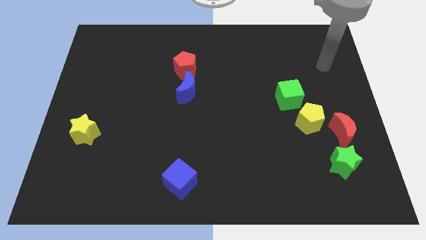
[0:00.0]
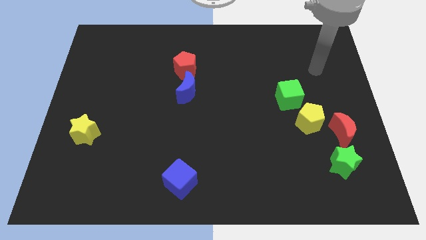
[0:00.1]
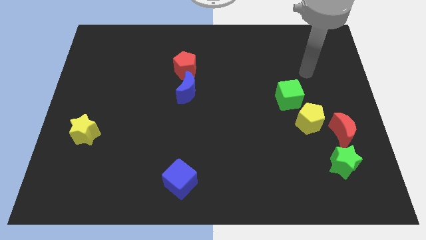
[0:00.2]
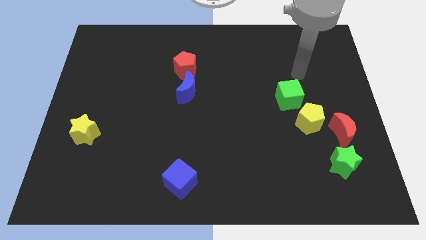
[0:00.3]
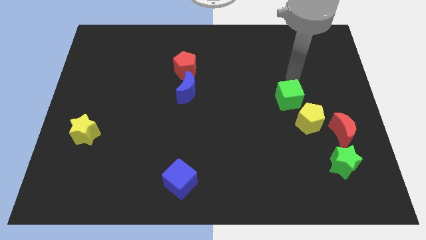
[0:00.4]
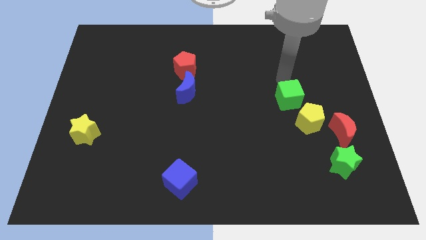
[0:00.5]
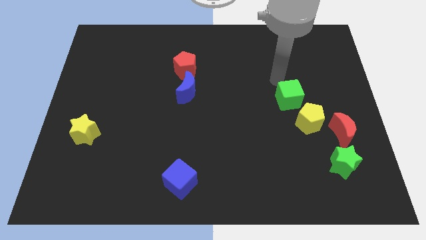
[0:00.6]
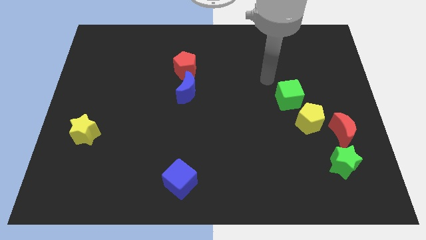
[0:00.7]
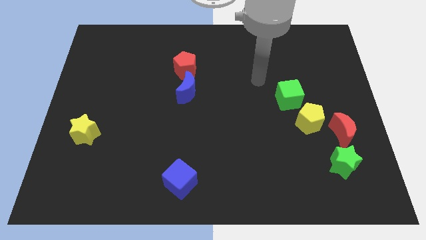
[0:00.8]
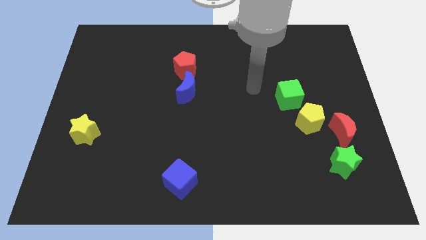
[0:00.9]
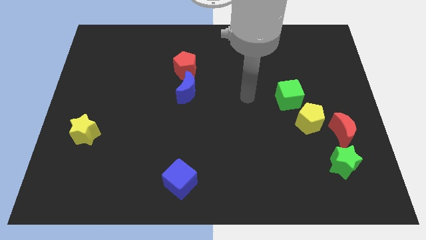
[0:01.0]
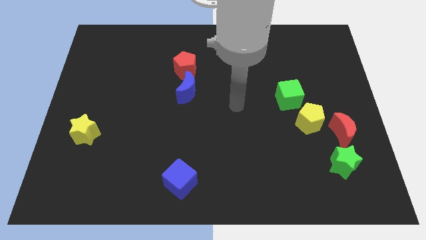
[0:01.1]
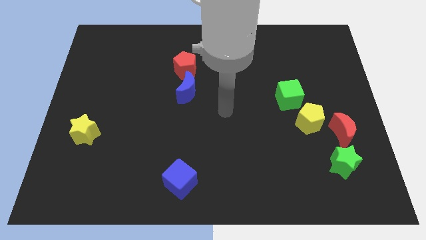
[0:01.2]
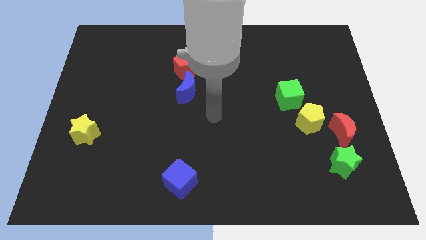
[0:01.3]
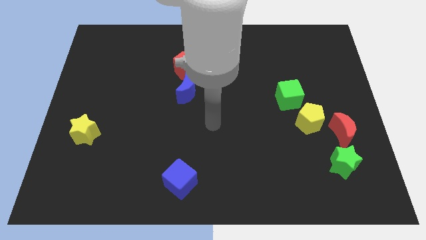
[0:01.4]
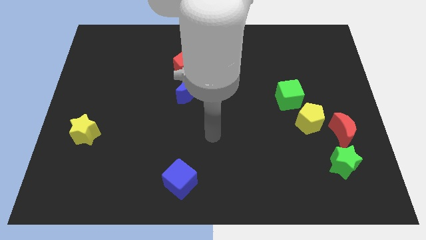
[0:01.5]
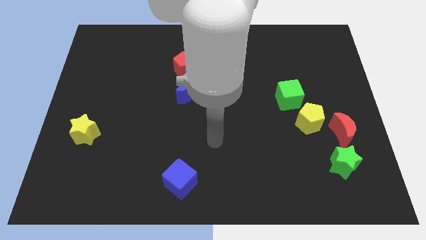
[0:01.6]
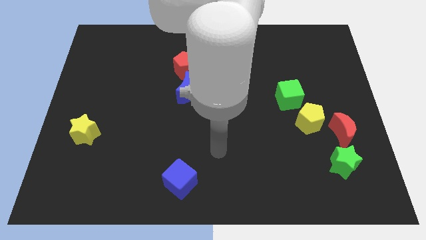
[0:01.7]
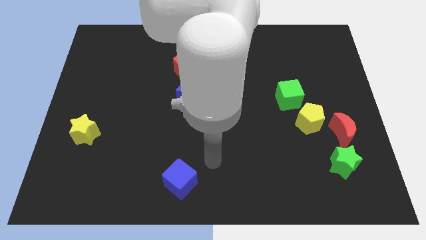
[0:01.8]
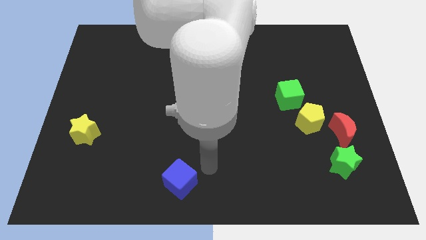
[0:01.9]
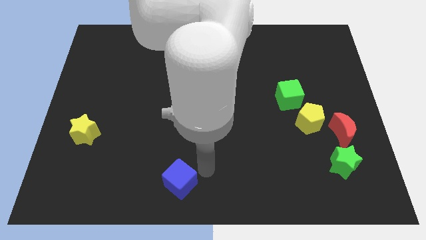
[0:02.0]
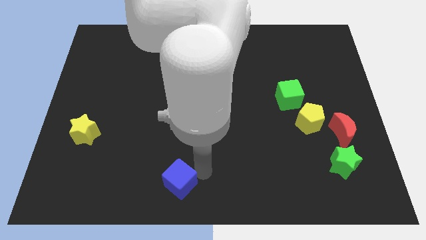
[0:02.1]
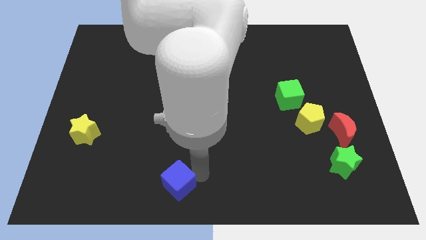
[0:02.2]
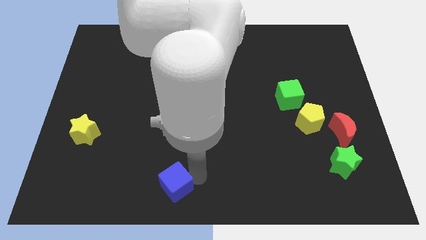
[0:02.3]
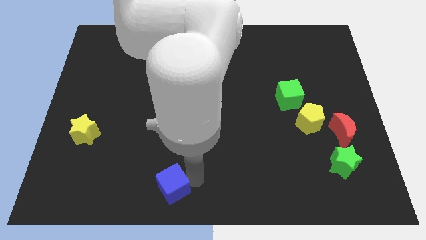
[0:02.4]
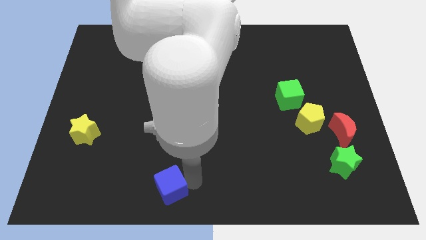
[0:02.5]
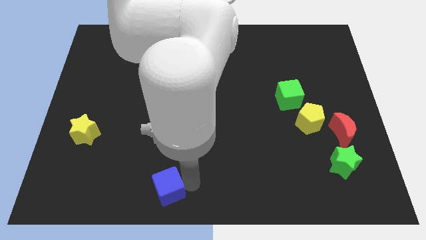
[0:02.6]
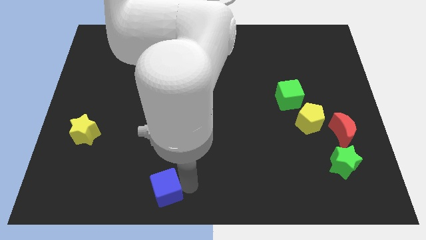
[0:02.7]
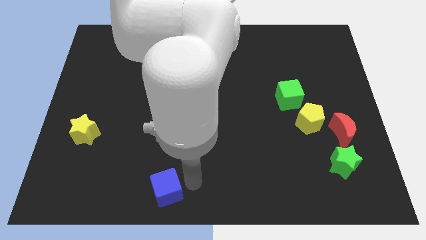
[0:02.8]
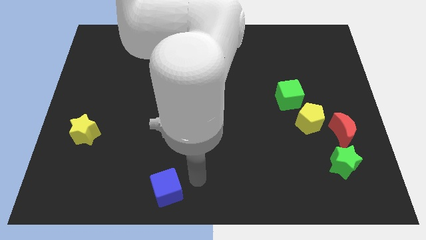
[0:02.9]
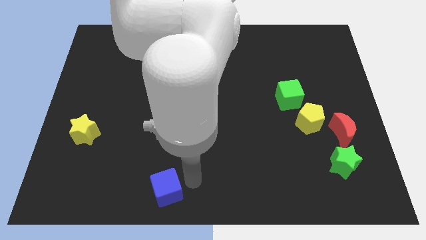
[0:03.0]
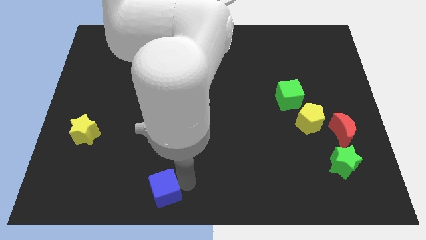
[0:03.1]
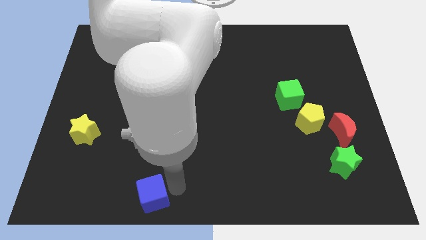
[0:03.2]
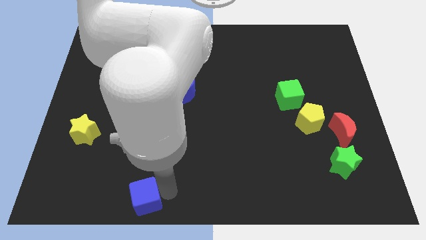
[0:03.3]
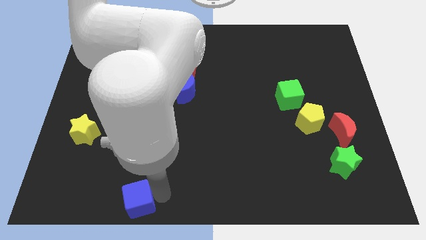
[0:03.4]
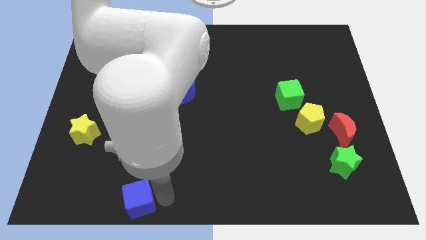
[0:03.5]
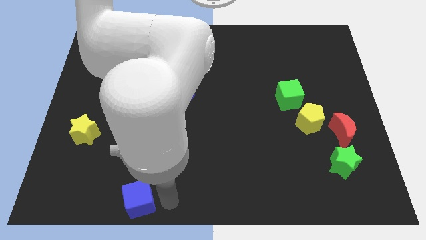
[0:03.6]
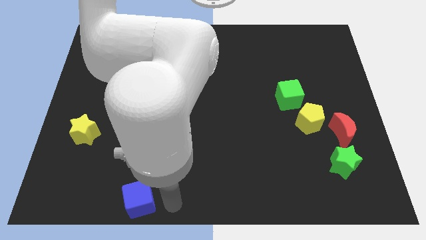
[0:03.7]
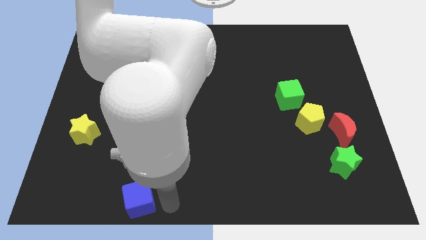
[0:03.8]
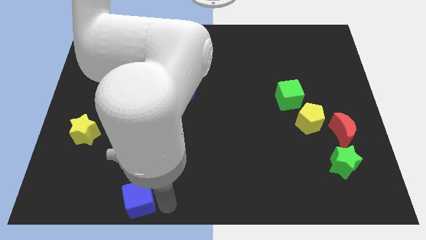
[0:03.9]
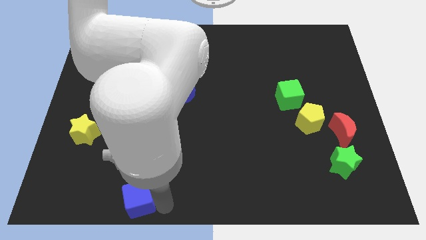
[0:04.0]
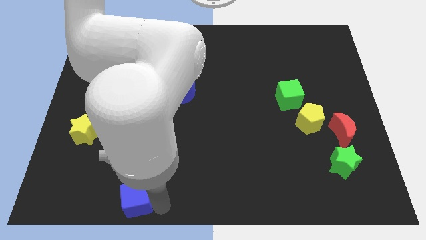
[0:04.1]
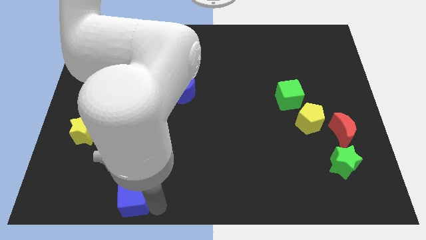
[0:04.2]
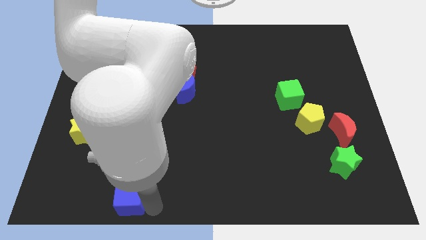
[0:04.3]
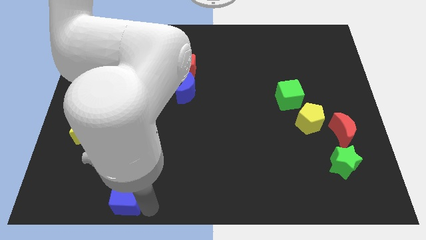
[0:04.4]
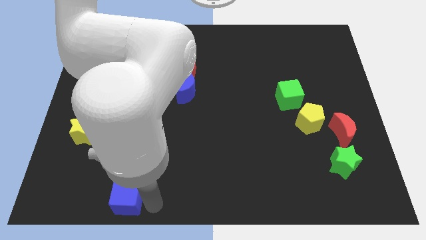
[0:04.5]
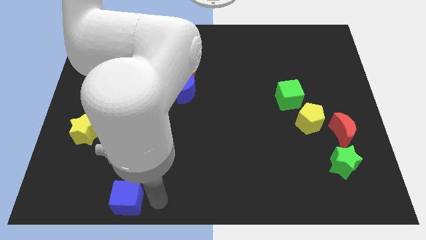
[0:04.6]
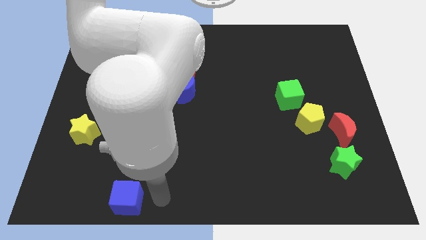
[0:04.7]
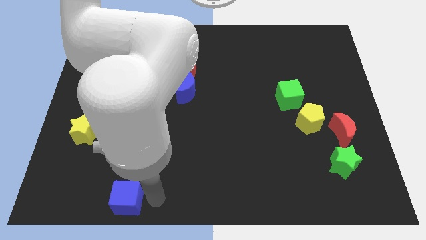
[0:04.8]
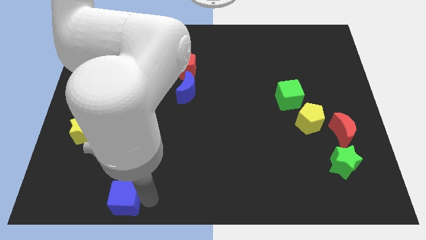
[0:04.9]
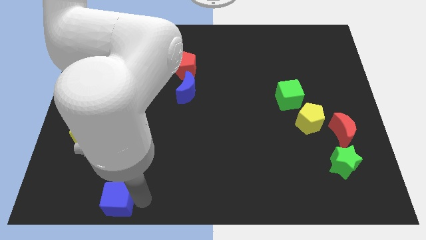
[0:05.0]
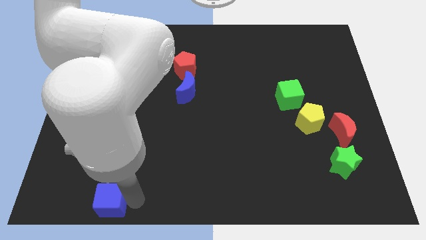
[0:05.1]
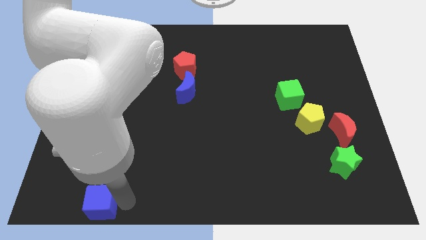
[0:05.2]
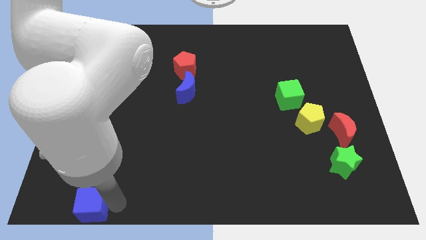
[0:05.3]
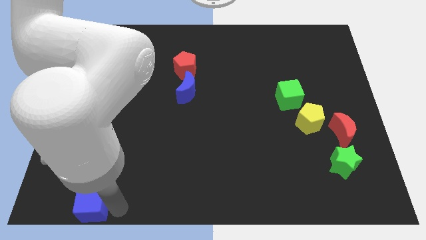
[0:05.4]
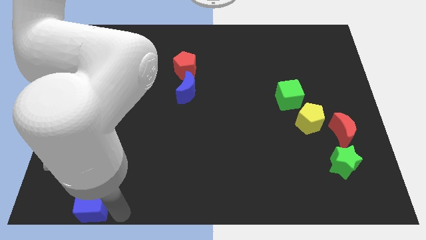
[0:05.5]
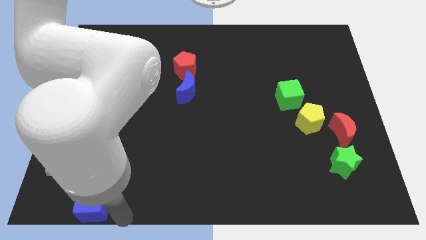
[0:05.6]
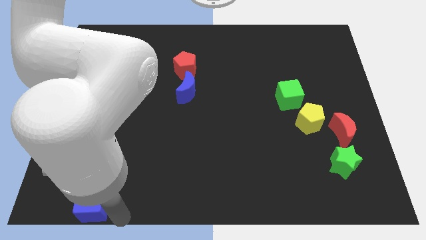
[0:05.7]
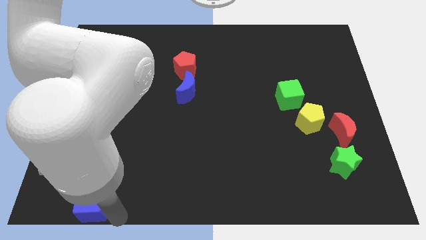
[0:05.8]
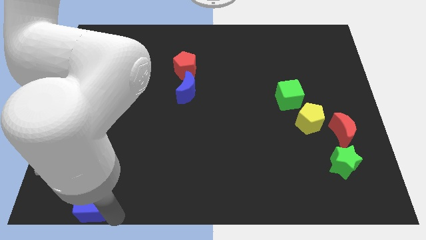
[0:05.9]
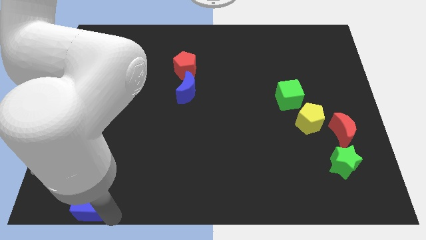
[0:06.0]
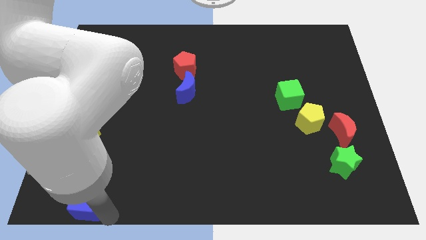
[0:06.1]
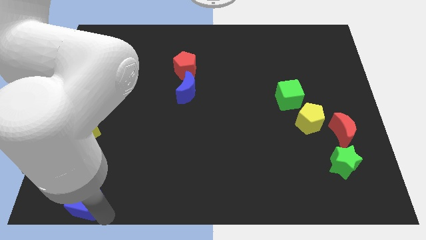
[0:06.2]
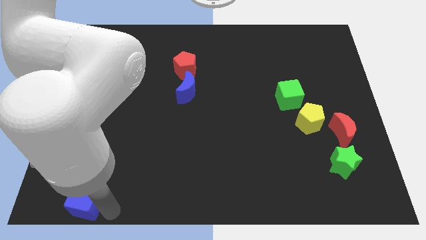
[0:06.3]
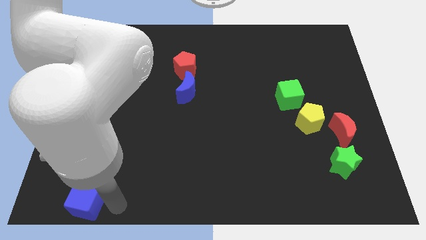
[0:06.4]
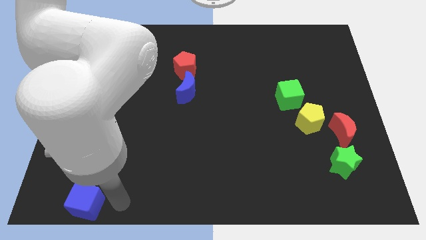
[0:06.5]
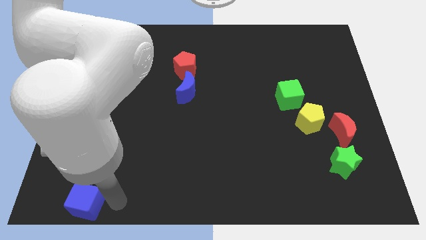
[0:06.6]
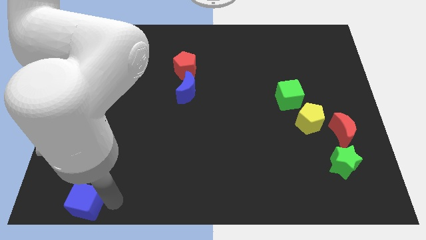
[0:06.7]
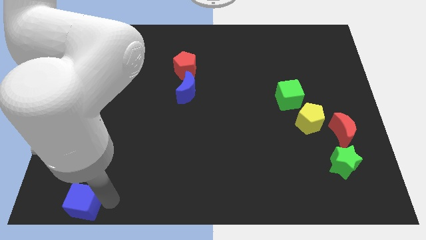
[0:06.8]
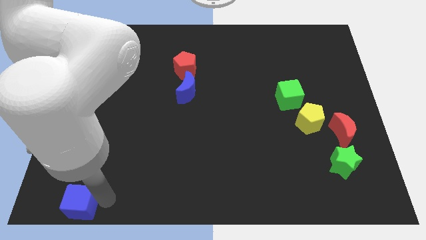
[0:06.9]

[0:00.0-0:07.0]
push the blue cube to the lower left corner

========================

ACTION ITEM ::
Everything in the entries above should be transcribed exactly, apart from the pictures.

SOLVED PROBLEM ::
[0:00.0]
[0:00.1]
[0:00.2]
[0:00.3]
[0:00.4]
[0:00.5]
[0:00.6]
[0:00.7]
[0:00.8]
[0:00.9]
[0:01.0]
[0:01.1]
[0:01.2]
[0:01.3]
[0:01.4]
[0:01.5]
[0:01.6]
[0:01.7]
[0:01.8]
[0:01.9]
[0:02.0]
[0:02.1]
[0:02.2]
[0:02.3]
[0:02.4]
[0:02.5]
[0:02.6]
[0:02.7]
[0:02.8]
[0:02.9]
[0:03.0]
[0:03.1]
[0:03.2]
[0:03.3]
[0:03.4]
[0:03.5]
[0:03.6]
[0:03.7]
[0:03.8]
[0:03.9]
[0:04.0]
[0:04.1]
[0:04.2]
[0:04.3]
[0:04.4]
[0:04.5]
[0:04.6]
[0:04.7]
[0:04.8]
[0:04.9]
[0:05.0]
[0:05.1]
[0:05.2]
[0:05.3]
[0:05.4]
[0:05.5]
[0:05.6]
[0:05.7]
[0:05.8]
[0:05.9]
[0:06.0]
[0:06.1]
[0:06.2]
[0:06.3]
[0:06.4]
[0:06.5]
[0:06.6]
[0:06.7]
[0:06.8]
[0:06.9]

[0:00.0-0:07.0]
push the blue cube to the lower left corner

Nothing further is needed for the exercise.